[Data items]
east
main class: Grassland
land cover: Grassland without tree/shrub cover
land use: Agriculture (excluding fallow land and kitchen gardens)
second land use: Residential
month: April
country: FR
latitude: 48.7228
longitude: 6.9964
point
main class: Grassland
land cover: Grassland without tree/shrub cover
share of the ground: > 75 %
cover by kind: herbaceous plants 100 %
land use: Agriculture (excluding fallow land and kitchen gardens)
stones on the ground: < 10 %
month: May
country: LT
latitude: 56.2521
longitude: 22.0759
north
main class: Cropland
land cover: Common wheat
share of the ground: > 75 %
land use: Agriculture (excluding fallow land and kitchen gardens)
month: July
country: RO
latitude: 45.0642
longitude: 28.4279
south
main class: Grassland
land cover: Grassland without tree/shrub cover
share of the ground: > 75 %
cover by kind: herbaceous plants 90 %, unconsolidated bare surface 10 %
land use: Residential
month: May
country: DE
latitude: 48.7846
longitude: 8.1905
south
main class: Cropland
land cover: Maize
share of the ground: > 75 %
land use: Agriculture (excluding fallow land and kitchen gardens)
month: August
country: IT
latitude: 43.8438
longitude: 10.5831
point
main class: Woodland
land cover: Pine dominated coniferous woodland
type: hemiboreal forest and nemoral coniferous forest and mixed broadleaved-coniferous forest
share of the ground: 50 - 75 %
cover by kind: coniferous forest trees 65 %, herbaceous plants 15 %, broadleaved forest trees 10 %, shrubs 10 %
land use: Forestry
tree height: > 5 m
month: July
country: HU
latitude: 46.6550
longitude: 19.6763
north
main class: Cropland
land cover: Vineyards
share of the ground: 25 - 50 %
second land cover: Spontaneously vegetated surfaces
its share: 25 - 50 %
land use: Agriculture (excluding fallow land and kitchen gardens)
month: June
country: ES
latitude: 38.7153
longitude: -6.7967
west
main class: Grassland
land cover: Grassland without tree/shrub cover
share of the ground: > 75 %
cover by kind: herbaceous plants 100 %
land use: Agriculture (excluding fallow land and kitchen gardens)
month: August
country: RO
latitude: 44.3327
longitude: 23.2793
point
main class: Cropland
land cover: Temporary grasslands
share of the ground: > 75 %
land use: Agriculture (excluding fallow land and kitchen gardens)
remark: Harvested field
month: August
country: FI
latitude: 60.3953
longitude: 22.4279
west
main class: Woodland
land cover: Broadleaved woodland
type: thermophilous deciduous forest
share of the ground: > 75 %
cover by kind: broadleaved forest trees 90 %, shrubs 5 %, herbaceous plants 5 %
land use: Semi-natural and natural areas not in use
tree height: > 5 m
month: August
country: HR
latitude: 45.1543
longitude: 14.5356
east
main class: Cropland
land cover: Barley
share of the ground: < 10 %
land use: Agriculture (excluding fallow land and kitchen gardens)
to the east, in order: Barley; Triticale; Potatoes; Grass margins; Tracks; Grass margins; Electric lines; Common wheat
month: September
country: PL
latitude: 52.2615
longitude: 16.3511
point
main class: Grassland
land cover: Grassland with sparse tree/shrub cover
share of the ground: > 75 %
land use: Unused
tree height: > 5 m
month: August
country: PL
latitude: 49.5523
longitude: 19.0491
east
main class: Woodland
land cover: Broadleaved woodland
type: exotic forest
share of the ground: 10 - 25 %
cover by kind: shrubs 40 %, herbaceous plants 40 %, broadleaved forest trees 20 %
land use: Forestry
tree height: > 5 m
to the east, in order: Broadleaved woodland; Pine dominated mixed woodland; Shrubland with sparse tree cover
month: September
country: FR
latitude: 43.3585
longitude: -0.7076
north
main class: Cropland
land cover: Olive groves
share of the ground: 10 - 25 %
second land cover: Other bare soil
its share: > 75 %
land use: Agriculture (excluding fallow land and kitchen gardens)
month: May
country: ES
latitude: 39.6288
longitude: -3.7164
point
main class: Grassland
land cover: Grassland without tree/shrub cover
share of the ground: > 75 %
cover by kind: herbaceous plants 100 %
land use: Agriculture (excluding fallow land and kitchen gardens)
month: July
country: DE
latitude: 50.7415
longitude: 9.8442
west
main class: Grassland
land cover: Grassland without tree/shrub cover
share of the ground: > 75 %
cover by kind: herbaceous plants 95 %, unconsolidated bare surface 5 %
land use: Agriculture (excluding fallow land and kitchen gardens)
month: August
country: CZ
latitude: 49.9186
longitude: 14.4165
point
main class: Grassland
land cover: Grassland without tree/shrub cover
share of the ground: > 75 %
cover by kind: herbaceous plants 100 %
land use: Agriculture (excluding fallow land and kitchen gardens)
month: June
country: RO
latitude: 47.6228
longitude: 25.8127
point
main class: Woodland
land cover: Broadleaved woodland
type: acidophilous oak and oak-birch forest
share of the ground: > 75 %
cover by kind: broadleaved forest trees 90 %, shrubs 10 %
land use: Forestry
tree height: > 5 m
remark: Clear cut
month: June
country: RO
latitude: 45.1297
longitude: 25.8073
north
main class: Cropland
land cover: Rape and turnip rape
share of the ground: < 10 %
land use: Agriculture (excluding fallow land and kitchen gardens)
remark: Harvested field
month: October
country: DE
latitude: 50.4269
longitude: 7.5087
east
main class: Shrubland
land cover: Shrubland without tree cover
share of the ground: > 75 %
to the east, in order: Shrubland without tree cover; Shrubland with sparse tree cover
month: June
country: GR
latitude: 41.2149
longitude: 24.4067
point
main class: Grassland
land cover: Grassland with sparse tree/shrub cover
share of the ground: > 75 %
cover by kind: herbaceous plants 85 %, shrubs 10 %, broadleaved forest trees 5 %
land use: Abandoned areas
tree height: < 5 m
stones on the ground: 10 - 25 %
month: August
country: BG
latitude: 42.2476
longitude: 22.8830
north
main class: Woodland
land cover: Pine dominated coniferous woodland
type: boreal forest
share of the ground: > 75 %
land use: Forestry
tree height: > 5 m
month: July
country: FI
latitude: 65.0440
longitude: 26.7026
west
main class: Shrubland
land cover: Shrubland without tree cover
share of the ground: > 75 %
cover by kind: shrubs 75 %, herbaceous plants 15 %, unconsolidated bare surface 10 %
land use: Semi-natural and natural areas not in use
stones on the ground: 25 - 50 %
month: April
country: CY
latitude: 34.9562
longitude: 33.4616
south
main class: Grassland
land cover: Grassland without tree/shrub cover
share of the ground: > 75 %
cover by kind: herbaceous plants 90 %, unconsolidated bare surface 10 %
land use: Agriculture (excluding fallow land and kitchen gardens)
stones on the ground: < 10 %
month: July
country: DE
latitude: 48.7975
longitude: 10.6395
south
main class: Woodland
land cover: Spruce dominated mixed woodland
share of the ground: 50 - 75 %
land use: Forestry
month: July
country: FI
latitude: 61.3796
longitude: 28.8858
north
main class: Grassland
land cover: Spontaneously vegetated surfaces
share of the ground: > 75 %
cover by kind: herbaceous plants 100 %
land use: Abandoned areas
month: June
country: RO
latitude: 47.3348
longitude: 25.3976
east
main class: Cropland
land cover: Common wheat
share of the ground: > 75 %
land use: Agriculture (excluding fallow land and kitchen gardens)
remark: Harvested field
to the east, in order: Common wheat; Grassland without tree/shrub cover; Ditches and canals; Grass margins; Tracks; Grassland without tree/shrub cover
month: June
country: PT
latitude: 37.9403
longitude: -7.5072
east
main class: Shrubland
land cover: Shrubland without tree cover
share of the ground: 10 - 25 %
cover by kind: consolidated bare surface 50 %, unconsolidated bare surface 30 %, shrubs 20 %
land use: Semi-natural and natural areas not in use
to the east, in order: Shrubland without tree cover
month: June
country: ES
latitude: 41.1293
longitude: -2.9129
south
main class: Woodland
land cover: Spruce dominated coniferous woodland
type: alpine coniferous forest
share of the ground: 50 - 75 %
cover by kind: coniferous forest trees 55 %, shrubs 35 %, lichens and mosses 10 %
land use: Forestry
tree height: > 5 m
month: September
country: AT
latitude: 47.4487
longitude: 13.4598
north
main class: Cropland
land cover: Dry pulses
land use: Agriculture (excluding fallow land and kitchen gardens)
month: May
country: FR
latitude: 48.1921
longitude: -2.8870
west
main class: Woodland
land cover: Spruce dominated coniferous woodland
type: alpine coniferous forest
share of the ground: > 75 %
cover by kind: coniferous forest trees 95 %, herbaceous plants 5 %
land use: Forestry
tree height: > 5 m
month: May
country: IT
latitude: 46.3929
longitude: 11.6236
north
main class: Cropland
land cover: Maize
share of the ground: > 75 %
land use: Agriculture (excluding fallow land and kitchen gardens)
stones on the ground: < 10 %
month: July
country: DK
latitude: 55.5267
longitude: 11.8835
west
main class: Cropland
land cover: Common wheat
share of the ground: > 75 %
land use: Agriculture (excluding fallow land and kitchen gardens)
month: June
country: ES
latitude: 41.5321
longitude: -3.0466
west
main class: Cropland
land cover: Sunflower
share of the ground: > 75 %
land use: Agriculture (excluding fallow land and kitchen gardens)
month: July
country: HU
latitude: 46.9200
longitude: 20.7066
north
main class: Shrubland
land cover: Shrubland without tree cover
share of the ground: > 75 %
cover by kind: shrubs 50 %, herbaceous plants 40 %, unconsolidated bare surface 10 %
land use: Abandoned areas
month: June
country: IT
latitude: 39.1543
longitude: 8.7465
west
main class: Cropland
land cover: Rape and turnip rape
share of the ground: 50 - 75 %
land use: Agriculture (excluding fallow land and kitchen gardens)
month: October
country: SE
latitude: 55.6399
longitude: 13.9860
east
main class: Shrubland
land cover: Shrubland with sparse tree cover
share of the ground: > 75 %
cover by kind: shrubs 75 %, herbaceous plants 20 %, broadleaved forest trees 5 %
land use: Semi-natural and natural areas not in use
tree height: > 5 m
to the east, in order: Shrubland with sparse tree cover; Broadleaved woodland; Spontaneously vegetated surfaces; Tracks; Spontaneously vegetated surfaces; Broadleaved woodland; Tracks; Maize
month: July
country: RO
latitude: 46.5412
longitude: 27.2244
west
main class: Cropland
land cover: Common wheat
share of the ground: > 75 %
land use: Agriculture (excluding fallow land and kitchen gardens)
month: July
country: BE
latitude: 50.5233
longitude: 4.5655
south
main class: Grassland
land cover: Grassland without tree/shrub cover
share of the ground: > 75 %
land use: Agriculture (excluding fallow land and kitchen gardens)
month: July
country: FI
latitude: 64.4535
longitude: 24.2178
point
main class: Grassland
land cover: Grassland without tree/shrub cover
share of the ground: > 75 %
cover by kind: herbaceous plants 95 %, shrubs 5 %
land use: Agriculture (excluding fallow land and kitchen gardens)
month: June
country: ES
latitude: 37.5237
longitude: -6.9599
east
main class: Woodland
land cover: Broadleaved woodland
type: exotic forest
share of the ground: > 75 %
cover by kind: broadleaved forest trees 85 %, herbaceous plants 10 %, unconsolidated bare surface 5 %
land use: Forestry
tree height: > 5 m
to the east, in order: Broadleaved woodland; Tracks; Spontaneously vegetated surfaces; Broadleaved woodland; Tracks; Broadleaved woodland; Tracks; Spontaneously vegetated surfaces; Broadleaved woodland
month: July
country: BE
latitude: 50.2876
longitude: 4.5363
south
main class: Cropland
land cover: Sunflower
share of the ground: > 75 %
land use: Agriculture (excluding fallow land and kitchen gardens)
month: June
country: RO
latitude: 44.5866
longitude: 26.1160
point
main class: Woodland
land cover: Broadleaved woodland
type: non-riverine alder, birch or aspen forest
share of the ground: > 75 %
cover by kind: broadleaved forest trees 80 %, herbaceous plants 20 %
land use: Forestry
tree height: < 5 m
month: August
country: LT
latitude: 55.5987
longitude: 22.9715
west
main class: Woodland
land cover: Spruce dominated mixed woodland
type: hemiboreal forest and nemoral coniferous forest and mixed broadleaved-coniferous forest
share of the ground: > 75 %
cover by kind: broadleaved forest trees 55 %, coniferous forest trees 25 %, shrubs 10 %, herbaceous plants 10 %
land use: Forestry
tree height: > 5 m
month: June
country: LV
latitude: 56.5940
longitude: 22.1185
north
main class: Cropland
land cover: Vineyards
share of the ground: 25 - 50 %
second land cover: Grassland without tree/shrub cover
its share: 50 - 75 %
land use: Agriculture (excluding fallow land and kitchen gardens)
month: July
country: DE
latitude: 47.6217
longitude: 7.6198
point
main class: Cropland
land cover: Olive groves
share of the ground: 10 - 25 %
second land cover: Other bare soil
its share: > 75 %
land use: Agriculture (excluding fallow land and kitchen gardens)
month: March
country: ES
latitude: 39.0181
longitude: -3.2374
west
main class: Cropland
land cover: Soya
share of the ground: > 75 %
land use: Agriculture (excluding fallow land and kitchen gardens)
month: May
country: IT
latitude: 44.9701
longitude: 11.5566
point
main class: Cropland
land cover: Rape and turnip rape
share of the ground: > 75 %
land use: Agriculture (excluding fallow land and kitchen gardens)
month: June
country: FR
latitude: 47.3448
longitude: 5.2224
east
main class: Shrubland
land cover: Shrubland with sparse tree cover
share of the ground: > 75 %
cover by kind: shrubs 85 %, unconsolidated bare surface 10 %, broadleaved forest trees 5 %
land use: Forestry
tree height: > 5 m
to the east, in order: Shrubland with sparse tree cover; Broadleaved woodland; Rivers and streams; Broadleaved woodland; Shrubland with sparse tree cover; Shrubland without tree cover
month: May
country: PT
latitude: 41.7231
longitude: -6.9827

» **Work instruction**: Your response should be the lines above from the first to the one containing "cover by kind: coniferous forest trees 65", inclusive, each given exactly.

» **Exercise answer**:
east
main class: Grassland
land cover: Grassland without tree/shrub cover
land use: Agriculture (excluding fallow land and kitchen gardens)
second land use: Residential
month: April
country: FR
latitude: 48.7228
longitude: 6.9964
point
main class: Grassland
land cover: Grassland without tree/shrub cover
share of the ground: > 75 %
cover by kind: herbaceous plants 100 %
land use: Agriculture (excluding fallow land and kitchen gardens)
stones on the ground: < 10 %
month: May
country: LT
latitude: 56.2521
longitude: 22.0759
north
main class: Cropland
land cover: Common wheat
share of the ground: > 75 %
land use: Agriculture (excluding fallow land and kitchen gardens)
month: July
country: RO
latitude: 45.0642
longitude: 28.4279
south
main class: Grassland
land cover: Grassland without tree/shrub cover
share of the ground: > 75 %
cover by kind: herbaceous plants 90 %, unconsolidated bare surface 10 %
land use: Residential
month: May
country: DE
latitude: 48.7846
longitude: 8.1905
south
main class: Cropland
land cover: Maize
share of the ground: > 75 %
land use: Agriculture (excluding fallow land and kitchen gardens)
month: August
country: IT
latitude: 43.8438
longitude: 10.5831
point
main class: Woodland
land cover: Pine dominated coniferous woodland
type: hemiboreal forest and nemoral coniferous forest and mixed broadleaved-coniferous forest
share of the ground: 50 - 75 %
cover by kind: coniferous forest trees 65 %, herbaceous plants 15 %, broadleaved forest trees 10 %, shrubs 10 %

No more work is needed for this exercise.